- Collected data entries
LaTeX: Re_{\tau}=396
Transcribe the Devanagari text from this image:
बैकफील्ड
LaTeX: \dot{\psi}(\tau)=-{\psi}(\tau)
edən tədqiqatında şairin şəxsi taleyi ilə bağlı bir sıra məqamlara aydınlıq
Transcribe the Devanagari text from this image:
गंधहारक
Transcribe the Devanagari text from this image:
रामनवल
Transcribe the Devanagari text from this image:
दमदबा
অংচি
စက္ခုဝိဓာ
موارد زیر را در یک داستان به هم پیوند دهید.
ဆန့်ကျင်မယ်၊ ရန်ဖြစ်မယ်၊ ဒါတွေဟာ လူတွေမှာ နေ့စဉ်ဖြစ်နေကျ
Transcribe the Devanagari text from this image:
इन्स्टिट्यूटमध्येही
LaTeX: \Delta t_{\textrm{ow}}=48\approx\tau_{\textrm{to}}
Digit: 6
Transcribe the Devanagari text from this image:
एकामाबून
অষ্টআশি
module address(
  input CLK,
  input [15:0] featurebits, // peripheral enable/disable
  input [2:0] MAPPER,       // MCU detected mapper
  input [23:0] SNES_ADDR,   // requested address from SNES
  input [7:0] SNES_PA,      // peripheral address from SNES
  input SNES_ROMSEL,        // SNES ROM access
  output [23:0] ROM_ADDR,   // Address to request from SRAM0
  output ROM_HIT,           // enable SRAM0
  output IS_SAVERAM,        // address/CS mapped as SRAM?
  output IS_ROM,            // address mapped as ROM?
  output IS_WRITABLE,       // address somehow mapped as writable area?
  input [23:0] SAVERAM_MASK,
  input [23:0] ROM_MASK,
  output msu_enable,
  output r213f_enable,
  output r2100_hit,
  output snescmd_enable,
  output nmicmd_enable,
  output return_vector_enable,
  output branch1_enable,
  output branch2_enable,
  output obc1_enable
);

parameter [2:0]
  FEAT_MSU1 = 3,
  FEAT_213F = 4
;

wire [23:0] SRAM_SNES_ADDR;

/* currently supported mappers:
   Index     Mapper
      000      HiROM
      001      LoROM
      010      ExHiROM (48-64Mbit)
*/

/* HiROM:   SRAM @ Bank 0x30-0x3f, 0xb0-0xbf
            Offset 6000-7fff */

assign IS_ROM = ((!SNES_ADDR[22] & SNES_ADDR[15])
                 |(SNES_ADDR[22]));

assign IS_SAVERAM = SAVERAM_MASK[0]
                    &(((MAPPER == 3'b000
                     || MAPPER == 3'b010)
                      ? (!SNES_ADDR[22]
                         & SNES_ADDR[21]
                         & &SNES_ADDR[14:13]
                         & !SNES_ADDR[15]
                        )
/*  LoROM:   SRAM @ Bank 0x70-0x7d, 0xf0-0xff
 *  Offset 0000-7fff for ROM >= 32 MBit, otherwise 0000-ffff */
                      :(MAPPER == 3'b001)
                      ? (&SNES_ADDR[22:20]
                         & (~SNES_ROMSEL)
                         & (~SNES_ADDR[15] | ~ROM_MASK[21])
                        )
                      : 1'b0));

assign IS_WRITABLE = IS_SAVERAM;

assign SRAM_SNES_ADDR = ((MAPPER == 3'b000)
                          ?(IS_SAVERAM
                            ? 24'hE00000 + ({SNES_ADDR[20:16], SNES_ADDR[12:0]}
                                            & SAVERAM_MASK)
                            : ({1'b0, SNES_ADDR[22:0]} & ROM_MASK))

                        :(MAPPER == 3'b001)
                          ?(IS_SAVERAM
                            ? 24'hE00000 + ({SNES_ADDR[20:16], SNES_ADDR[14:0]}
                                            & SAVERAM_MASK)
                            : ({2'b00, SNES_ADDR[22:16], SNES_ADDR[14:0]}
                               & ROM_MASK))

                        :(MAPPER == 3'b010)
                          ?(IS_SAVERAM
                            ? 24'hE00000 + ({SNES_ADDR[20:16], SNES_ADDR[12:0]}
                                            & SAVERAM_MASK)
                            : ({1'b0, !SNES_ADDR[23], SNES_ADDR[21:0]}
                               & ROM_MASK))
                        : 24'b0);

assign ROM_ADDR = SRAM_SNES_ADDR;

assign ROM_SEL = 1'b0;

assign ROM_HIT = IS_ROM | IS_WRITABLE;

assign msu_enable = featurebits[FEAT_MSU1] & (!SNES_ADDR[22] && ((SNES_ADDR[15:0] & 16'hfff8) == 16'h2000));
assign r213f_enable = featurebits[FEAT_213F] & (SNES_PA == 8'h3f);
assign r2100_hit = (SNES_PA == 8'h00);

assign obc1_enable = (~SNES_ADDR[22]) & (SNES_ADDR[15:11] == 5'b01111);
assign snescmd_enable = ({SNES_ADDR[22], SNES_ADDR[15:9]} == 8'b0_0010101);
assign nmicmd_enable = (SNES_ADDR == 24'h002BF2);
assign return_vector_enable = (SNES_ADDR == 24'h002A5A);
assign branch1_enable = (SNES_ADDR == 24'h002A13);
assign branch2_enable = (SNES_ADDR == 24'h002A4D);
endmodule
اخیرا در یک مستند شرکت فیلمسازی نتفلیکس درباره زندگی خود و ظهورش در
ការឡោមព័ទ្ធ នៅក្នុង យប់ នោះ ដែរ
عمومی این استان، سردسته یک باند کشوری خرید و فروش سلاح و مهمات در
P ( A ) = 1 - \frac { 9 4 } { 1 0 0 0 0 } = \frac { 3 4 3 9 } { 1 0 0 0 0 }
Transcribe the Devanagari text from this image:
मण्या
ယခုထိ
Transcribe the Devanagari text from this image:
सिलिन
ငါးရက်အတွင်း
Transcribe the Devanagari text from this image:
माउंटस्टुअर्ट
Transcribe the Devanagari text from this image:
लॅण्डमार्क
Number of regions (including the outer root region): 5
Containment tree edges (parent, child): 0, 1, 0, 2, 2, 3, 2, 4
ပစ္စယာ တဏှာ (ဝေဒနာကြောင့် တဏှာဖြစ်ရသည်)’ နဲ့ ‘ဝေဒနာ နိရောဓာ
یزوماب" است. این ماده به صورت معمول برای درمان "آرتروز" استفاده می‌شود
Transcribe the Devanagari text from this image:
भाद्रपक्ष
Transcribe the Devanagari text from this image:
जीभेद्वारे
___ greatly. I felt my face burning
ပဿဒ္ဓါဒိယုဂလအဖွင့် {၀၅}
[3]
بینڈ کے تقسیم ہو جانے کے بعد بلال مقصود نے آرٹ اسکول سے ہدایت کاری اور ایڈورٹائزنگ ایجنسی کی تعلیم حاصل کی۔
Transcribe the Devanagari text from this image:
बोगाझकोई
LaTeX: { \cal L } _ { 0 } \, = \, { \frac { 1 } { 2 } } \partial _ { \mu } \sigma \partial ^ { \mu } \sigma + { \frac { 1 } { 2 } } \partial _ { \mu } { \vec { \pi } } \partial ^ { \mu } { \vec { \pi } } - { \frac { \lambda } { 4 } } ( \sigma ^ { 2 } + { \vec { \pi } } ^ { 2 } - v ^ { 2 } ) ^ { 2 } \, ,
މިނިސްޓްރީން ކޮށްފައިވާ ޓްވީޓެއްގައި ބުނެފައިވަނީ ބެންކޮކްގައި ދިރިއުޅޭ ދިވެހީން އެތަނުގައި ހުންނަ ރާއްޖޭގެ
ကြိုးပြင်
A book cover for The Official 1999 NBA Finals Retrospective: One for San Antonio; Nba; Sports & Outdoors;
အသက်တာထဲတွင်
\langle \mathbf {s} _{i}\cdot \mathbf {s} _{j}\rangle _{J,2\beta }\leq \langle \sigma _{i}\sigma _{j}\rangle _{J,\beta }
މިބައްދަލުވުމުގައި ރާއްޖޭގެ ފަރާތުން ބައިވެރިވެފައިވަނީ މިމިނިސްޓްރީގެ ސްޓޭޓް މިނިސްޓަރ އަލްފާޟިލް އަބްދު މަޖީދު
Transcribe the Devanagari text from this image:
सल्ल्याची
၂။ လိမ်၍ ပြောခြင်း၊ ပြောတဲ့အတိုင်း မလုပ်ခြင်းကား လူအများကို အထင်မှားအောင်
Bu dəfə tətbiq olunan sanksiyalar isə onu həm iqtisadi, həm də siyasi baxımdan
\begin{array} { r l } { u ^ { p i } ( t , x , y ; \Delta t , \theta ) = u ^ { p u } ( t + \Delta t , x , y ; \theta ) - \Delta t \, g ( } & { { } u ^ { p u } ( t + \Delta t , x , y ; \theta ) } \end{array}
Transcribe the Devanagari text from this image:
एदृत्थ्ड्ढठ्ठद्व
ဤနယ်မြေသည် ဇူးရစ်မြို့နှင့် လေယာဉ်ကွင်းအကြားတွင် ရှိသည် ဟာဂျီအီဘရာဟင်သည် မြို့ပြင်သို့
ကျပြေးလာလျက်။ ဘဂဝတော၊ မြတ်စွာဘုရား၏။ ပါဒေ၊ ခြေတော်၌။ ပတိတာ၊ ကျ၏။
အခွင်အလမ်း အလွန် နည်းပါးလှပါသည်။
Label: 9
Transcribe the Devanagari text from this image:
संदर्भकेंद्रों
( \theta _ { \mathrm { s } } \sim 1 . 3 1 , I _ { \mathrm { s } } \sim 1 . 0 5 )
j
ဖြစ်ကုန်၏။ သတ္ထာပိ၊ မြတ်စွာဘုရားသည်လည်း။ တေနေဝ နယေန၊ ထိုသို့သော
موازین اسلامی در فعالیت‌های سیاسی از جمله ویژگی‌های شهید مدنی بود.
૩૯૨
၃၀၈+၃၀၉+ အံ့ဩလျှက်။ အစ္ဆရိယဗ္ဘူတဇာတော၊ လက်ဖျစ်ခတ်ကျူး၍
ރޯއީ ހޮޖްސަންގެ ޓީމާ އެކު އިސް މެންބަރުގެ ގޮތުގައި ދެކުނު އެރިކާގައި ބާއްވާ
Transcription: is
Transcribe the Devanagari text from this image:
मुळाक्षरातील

- Your task
Find the lines above that include the string "mapped" and copy them.

- Solution to this problem
  output IS_SAVERAM,        // address/CS mapped as SRAM?
  output IS_ROM,            // address mapped as ROM?
  output IS_WRITABLE,       // address somehow mapped as writable area?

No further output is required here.